Die Stadt Aichach möchte ab Ende Juli monatliche Biergarten-Frühschoppen anbieten. Diese Veranstaltungsreihe wurde anlässlich der Landesausstellung konzipiert. Jeden dritten Sonntag im Monat sollte man sich auf dem Schlossplatz zum Frühschoppen mit Blasmusik und Theatervorführung treffen, jeden ersten Freitag im Monat zum Streetart-Abend mit junger Kunst: Musiker, Graffiti-Sprayer, Performance-Künstler. Letzteres wird es nicht geben, den Sonntagsfrühschoppen wohl schon, wie die Stadt auf Nachfrage bestätigt. Der Frühschoppen ist vergleichbar mit einem normalen Biergartenbetrieb. Dort gibt es Maskenpflicht bis zum Tisch, Hygienemaßnahmen und Abstandsregeln. Das alles lässt sich auch am Schlossplatz einhalten.
Ebenfalls realisiert werde kann die Kunstmeile im September, die zusammen mit der Aktionsgemeinschaft Aichach (Aga) organisiert wird. Maler, Bildhauer, Fotografen, Kreative in Holz und Metall stellen dann für vier Wochen in den Schaufenstern der Geschäfte oder auf den Plätzen in der Aichacher Innenstadt aus. Hingegen sind das Barock-Picknick im Sisi-Park in Unterwittelsbach, die Sommerserenade des Musikvereins am Tandlmarkt und der Barthlmarkt am 30. August endgültig gestrichen.
In Augsburg begann der Freiluft-Kultursommer schon gestern. Das Staatstheater hat die Rasenfläche vor ihrer Spielstätte im Martini-Park zum Theater-Platz umgebaut. Auf Sommer-Liegestühlen können die Besucher in entsprechendem Abstand Musikern zuhören und Schauspielern zusehen.
Am Samstag feiert auf der Freilichtbühne am Roten Tor die Musical-Gala "The Show must go on!" Premiere. Die Philharmoniker und bekannte Musical-Sänger präsentieren ihr Programm, die Besucher dürfen sogar ihre eigene Brotzeit und Getränke mitbringen.

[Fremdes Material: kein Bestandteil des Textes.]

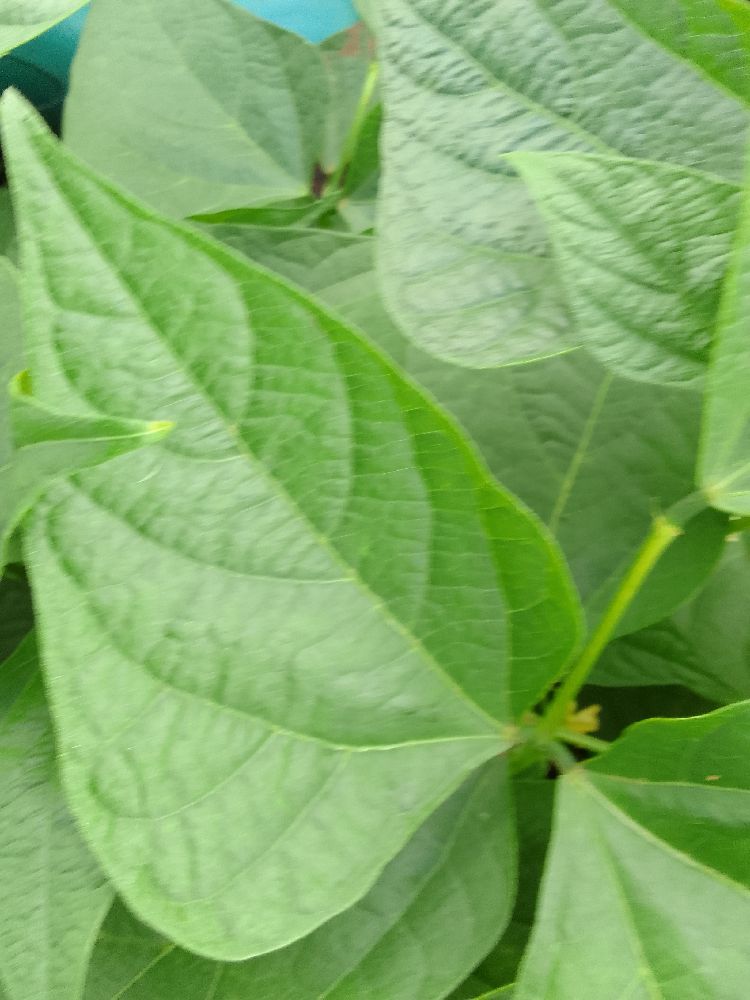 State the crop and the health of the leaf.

common bean, healthy

Bis zu 200 Besucher hat die bayerische Staatsregierung für Openair-Veranstaltungen zugelassen. Auf der Freilichtbühne werden es sogar 550 sein. Denn auch die Kommunalverwaltungen, also Stadt oder Landkreis, entscheiden mit, ob eine Veranstaltung den Corona-Vorschriften gemäß ausgerichtet werden kann.

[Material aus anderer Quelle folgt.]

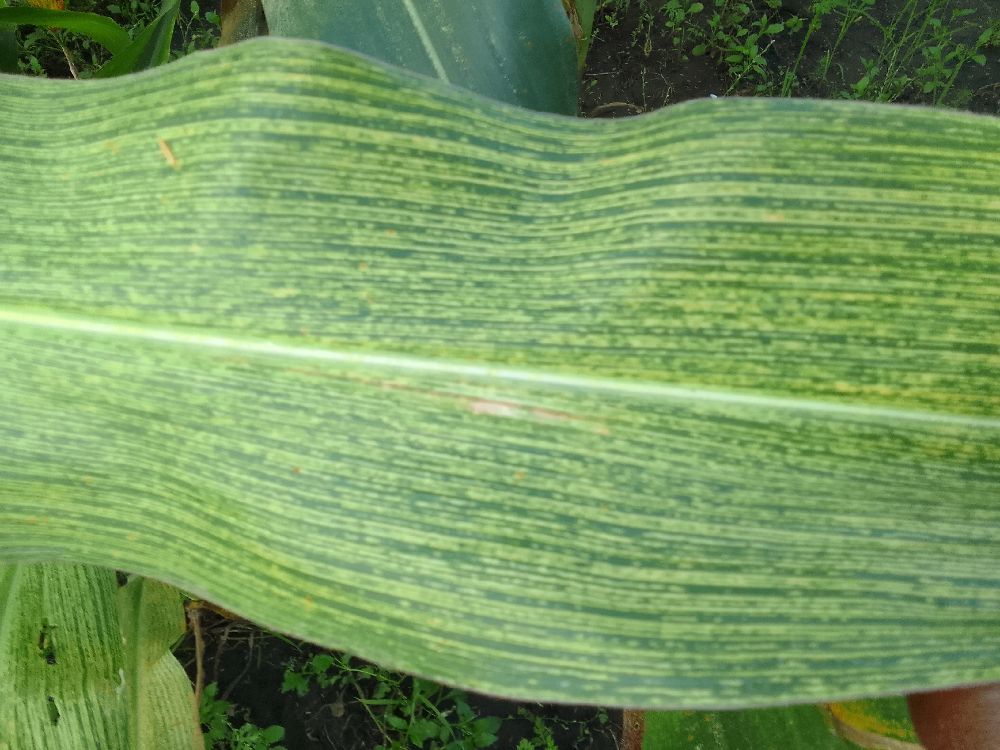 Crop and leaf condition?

maize, maize streak virus

Mit dem Landratsamt in Gesprächen ist auch Rainer Knauer, Wirt des Canada in Obermauerbach. Seine Kleinkunstbühne kann derzeit nicht bespielt werden, wohl aber wäre der Biergarten für Konzerte geeignet. Fünf Veranstaltungen im Juli und August könnte sich Knauer vorstellen. Die Künstler haben schon zugesagt, unter anderem der Musiker Stefan Zinner sowie die Oberpfälzer Kabarettistin Lizzy Aumeier. Rainer Knauer ist sich sicher, seinen Biergarten so einrichten zu können, dass Abstands- und Hygieneregeln einzuhalten sind. Zu klären ist noch die Frage, ob ein Kleinkunstabend unter die Rubrik "Hintergrundmusik" fällt (das ist im Biergarten erlaubt), oder unter Theater (wofür andere Kriterien gelten). Ein ähnliches Konzept verfolgt das M-Eins. Die Diskothek kann indoor nicht öffnen und will stattdessen ab kommenden Samstag einen Biergartenbetrieb vor der Tür aufziehen (wir berichteten).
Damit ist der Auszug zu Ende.